Athens, Seattle, Omaha, Montreal, Arctic National Wildlife Refuge.
In an advertising age where exclusivity is nothing more than a marketing concept, it’s damn-near-noble when a band has been around for eight years and has a devoted cult following... but doesn’t have a CD or merch, much less any promotional material to which I can link.
They’re a New York band that’s been playing together since 1997, playing shows since 2001. They released their first two limited-edition records, simultaneously, last year. Both were untitled, both were vinyl-only, both sold out almost immediately. The lead singer/guitarist is 51-years (or, if you prefer, three-Arctic-Monkeys) old. There’s no place online that’ll tell you where they’re playing, and they don’t play gigs unless they’re asked.

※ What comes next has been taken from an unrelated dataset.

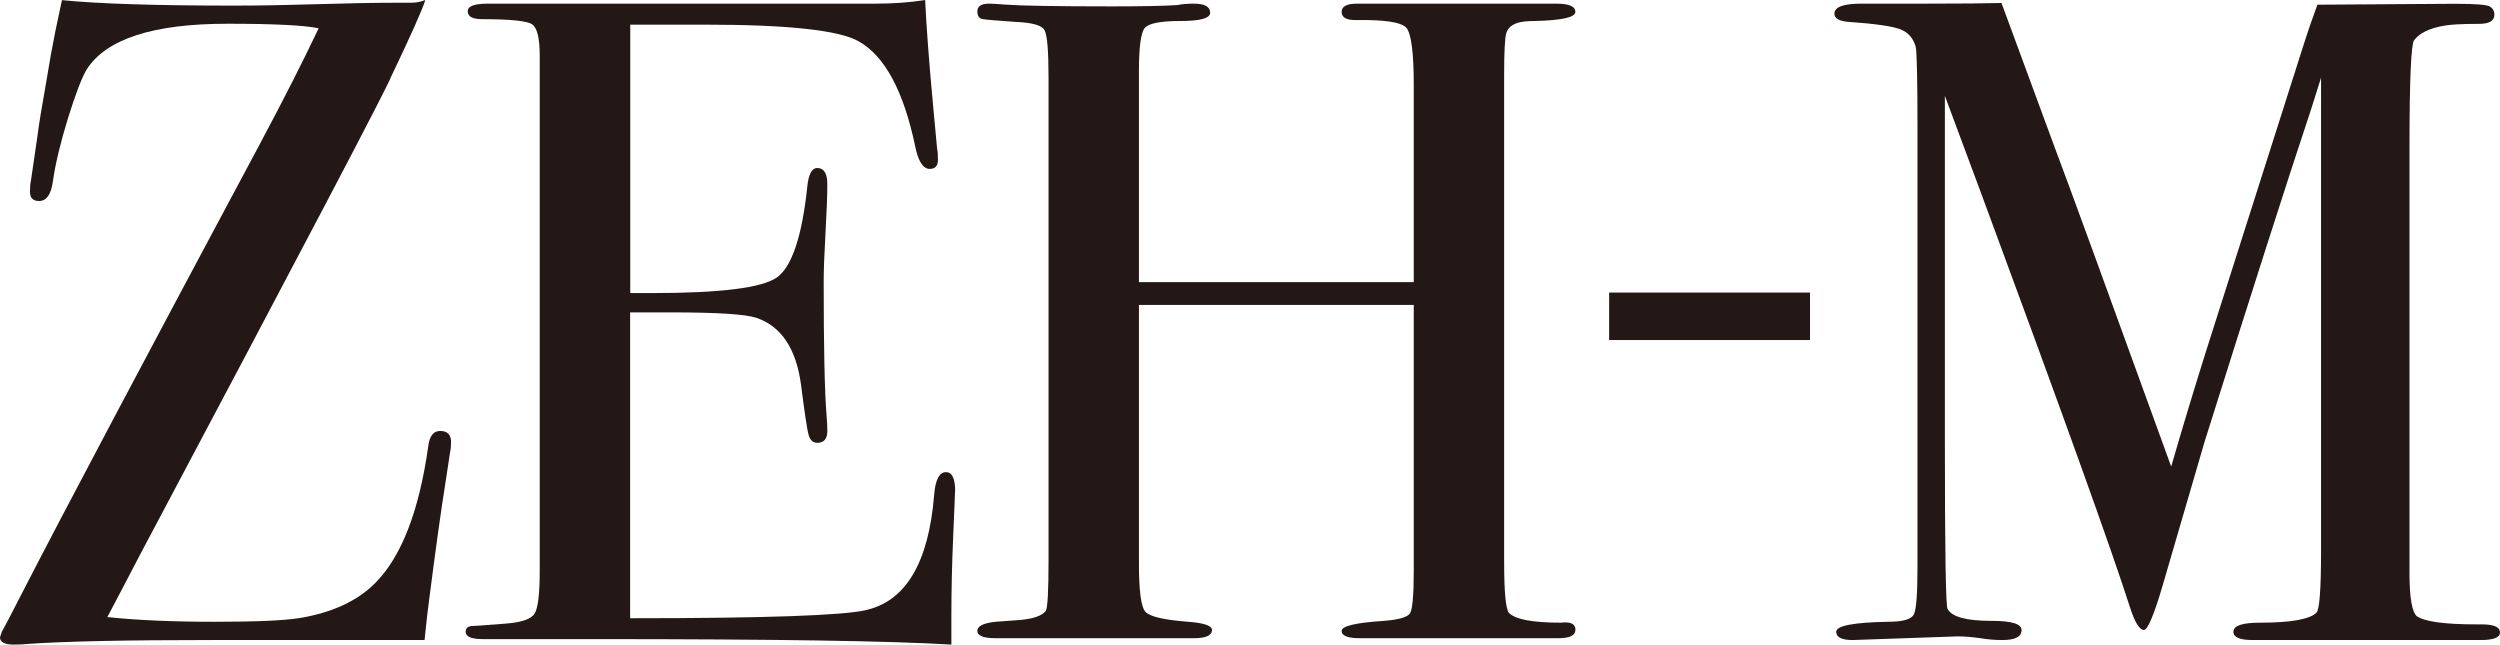 <?xml version="1.0" encoding="UTF-8"?><svg id="_レイヤー_2" xmlns="http://www.w3.org/2000/svg" viewBox="0 0 191.67 49.42"><defs><style>.cls-1{fill:#231815;}</style></defs><g id="_ヘッダー"><path class="cls-1" d="M34.58,33.88c0,.33-.02.58-.07.77l-.35,2.31c-.33,2.05-.75,5.06-1.26,9.03-.09.65-.21,1.68-.35,3.08.33,0-.73,0-3.19,0h-13.05c-6.63,0-11.36.1-14.21.3-.23.03-.58.05-1.05.05-.7,0-1.05-.19-1.05-.56l.14-.42c.09-.14.65-1.21,1.68-3.22,3.17-6.16,9.22-17.57,18.13-34.23,1.82-3.41,3.31-6.35,4.48-8.82-1.07-.23-3.41-.35-7-.35-5.69,0-9.29,1.17-10.78,3.5-.37.61-.85,1.86-1.44,3.75-.58,1.89-.97,3.51-1.16,4.87-.14.98-.49,1.47-1.05,1.47-.47,0-.7-.23-.7-.7,0-.37.02-.65.07-.84l.49-3.36c.14-1.07.33-2.24.56-3.5l.49-2.87c.19-1.07.47-2.45.84-4.13,2.8.28,7.19.42,13.16.42,2.01,0,4.15-.04,6.44-.11,2.29-.07,4.29-.11,6.02-.11h1.12c.42,0,.79-.07,1.12-.21-.24.76-1.11,2.72-2.62,5.87-.23.7-6.65,12.92-19.26,36.67-.56,1.08-1.39,2.67-2.5,4.77,2.24.24,4.97.36,8.2.36s5.25-.09,6.52-.28c2.52-.42,4.46-1.32,5.82-2.69,2.01-2.03,3.36-5.51,4.06-10.46.09-.8.4-1.2.91-1.2.56,0,.84.28.84.84Z"/><path class="cls-1" d="M73.22,37.66c0,.19-.05,1.33-.14,3.43-.09,2.1-.14,4.11-.14,6.02v2.31c-4.57-.28-13.63-.42-27.16-.42h-8.75c-.89,0-1.33-.19-1.33-.56,0-.25.14-.4.42-.44.14,0,1.03-.06,2.66-.19,1.21-.09,1.95-.35,2.21-.77.26-.42.39-1.52.39-3.3V4.28c0-1.36-.2-2.17-.59-2.42-.4-.26-1.67-.39-3.81-.39-.75,0-1.12-.2-1.12-.6s.51-.59,1.54-.59h29.68c1.4,0,2.68-.09,3.85-.28.09,2.01.3,4.78.63,8.33l.28,3.01c.05.23.07.54.07.91,0,.47-.21.7-.63.7-.51,0-.89-.59-1.12-1.76-.89-4.23-2.33-6.9-4.34-8.03-1.49-.84-5.41-1.27-11.76-1.27h-5.74v20.58h1.68c5.23,0,8.41-.4,9.55-1.19,1.14-.79,1.93-3.1,2.34-6.93.09-.98.35-1.47.77-1.47.51,0,.77.42.77,1.26s-.05,2.08-.14,3.71c-.09,1.63-.14,2.87-.14,3.71,0,4.99.07,8.42.22,10.29.04.47.06.86.06,1.19,0,.61-.26.91-.77.91-.33,0-.55-.2-.66-.59-.12-.4-.31-1.69-.59-3.88-.37-2.75-1.51-4.46-3.41-5.11-.84-.28-3.02-.42-6.55-.42h-3.14v23.45c10.27,0,16.29-.21,18.06-.62,3.08-.69,4.83-3.64,5.25-8.85.09-1.15.4-1.73.91-1.73.47,0,.7.49.7,1.47Z"/><path class="cls-1" d="M120.78,48.3c0,.42-.44.63-1.32.63h-15.21c-.93,0-1.39-.19-1.39-.56s1.08-.63,3.25-.77c1.15-.09,1.82-.29,2-.59.18-.3.28-1.38.28-3.25v-20.38h-21.07v19.81c0,2.1.16,3.34.49,3.71.33.37,1.42.63,3.29.77,1.21.09,1.82.3,1.82.63,0,.42-.47.63-1.4.63h-15.19c-.93,0-1.4-.19-1.4-.56s.47-.6,1.4-.7c.61-.05,1.24-.09,1.89-.14,1.03-.09,1.68-.33,1.96-.7.14-.23.21-1.54.21-3.92V6.01c0-2.1-.1-3.33-.31-3.7-.21-.37-.95-.58-2.21-.63-1.45-.1-2.3-.17-2.55-.22-.26-.05-.39-.25-.39-.59,0-.39.3-.59.91-.59.19,0,.58.02,1.19.07,1.17.09,3.92.14,8.26.14,2.38,0,4.04-.04,4.97-.1.33-.07.75-.11,1.26-.11.84,0,1.26.23,1.26.7,0,.42-.76.63-2.28.63s-2.43.18-2.73.53c-.3.35-.45,1.46-.45,3.34v16.15h21.07V6.53c0-2.48-.19-3.94-.56-4.39-.37-.44-1.68-.64-3.92-.6-.7,0-1.05-.21-1.05-.63s.4-.63,1.19-.63h15.26c.98,0,1.47.21,1.47.63s-1.03.65-3.08.7c-.61,0-1.05.05-1.33.14-.47.14-.76.4-.88.77-.12.37-.17,1.47-.17,3.29v37.24c0,2.24.11,3.55.35,3.92.46.51,1.8.77,4.01.77.74-.09,1.11.09,1.11.56Z"/><path class="cls-1" d="M138.77,26.07h-15.4v-3.64h15.4v3.64Z"/><path class="cls-1" d="M191.67,48.48c0,.4-.49.59-1.47.59h-17.5c-.98,0-1.47-.21-1.47-.63,0-.47.68-.7,2.03-.7,2.38,0,3.83-.26,4.34-.77.23-.23.35-1.8.35-4.7V5.95s-.26.86-.77,2.45c-1.88,5.64-4.59,14.13-8.16,25.47l-3.25,11.14c-.65,2.19-1.12,3.29-1.4,3.29-.33,0-.68-.56-1.05-1.68-1.35-4.25-5.16-14.85-11.43-31.8l-2.78-7.47c0,.89,0,2.1,0,3.64v22.75c0,8.54.07,12.86.21,12.95.33.61,1.45.91,3.36.91,1.54,0,2.31.23,2.31.7,0,.52-.49.77-1.47.77-.61,0-1.17-.05-1.68-.14-.65-.09-1.24-.14-1.75-.14l-8.05.28c-.84,0-1.26-.21-1.26-.63,0-.47,1.33-.72,3.99-.77,1.12,0,1.77-.19,1.96-.56.19-.37.28-1.59.28-3.65V9.88c0-3.88-.05-5.98-.14-6.31-.19-.65-.58-1.1-1.19-1.33-.61-.23-1.91-.42-3.92-.56-.75-.05-1.12-.26-1.12-.63,0-.51.68-.77,2.05-.77h4.88c2.78,0,4.74-.02,5.88-.05.23.61,1.58,4.28,4.06,11.02,1.06,2.8,4.04,10.97,8.95,24.52.88-3.03,1.78-6.02,2.71-8.96l7.38-23.18c.42-1.32.8-2.41,1.12-3.27l10.55-.07c1.55,0,2.44.07,2.67.21.23.14.35.35.35.63,0,.47-.4.7-1.19.7-1.31,0-2.19.05-2.66.14-1.12.19-1.89.56-2.31,1.12-.23.33-.35,3.07-.35,8.21v32.64c0,1.87.19,2.97.56,3.3.61.42,2.12.63,4.55.63h.42c.93,0,1.4.2,1.4.59Z"/></g></svg>

Like last year, when David Pajo asked them, along with Spoon, Mogwai, and Deerhoof, to perform at the Slint-curated edition of All Tomorrow’s Parties.
They’re called Endless Boogie, and their name is their address.
If that name – they may or may not have taken their title from the John Lee Hooker song – sends you running off, fine, that’s more room for me. I first heard of them when I was compiling that list of Top 10 Lists; Go Fuck a Flagpole had EB at the top of theirs, and I was always intrigued when someone stuck a stray act at #1. And further intrigued when easy info didn’t rise up with a quick Google. I was ready to dismiss the thing as some sort of dancey-dance mixtape when I came across the following description (now cachéd) at Fusetron Sound:
"Endless Boogie have managed to release two LPs of homespun rehearsal concoctions - volume one in a limited edition of 500, volume two in a numbered limited edition of 150 (well, 299 were pressed, but 150 were placed at random at really bad record stores and thrift shops all over town). For the uninitiated, Endless Boogies music could be described as remarkable in its niggling mindlessness, its funereal parade of yawn-enforcing riffs, the pseudo-light it throws upon non-problems. And, of course, this is a really good thing." - ? After 4+ years of playing the shittiest dives in NYC (and the Slint-curated ATP fest..), Endless Boogie have finally released, not one, but two lps! All star line-up features Paul Majors (beyond-legendary underground record trafficker - see recent issue of VICE. ?), Chris Gray (Double Leopards, White Rock), Jesper (1/2 Special label head -released the last batch of Trad Gras discs) and Marko Pezzati (Naked Raygun!). The name says it all.. Both hand stamped/screened with inserts. Highly recommended!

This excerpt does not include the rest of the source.